For every line in the entries that contains "width", show the whole line.

* DATA UNDER STUDY:
-=-=-=-=-

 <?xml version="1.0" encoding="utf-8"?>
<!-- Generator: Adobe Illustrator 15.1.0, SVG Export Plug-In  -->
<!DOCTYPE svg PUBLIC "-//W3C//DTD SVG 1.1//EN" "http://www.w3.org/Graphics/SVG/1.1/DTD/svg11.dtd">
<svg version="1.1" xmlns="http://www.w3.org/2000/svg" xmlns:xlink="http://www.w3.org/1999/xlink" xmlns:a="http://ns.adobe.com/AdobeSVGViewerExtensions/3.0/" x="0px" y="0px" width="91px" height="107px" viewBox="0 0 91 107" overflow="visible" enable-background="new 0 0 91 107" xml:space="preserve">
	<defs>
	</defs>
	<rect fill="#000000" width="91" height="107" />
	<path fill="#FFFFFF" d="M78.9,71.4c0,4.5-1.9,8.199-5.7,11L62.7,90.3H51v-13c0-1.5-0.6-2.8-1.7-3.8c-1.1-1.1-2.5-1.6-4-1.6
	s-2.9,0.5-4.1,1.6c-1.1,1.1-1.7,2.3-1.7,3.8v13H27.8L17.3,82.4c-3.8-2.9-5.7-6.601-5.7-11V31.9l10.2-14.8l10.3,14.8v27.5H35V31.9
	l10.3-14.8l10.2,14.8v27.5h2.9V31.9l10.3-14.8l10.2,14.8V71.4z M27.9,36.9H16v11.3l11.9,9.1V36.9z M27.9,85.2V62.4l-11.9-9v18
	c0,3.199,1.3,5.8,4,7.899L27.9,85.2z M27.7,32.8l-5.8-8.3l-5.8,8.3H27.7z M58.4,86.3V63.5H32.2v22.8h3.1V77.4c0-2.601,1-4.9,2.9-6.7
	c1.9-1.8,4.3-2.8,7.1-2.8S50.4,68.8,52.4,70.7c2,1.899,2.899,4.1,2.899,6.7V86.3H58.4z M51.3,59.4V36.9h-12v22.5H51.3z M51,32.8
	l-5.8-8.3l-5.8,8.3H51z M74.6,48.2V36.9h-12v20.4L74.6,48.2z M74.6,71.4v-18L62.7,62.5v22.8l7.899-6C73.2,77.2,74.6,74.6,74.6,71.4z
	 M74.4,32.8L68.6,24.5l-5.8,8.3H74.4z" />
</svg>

-=-=-=-=-

* REPLY:
<svg version="1.1" xmlns="http://www.w3.org/2000/svg" xmlns:xlink="http://www.w3.org/1999/xlink" xmlns:a="http://ns.adobe.com/AdobeSVGViewerExtensions/3.0/" x="0px" y="0px" width="91px" height="107px" viewBox="0 0 91 107" overflow="visible" enable-background="new 0 0 91 107" xml:space="preserve">
	<rect fill="#000000" width="91" height="107" />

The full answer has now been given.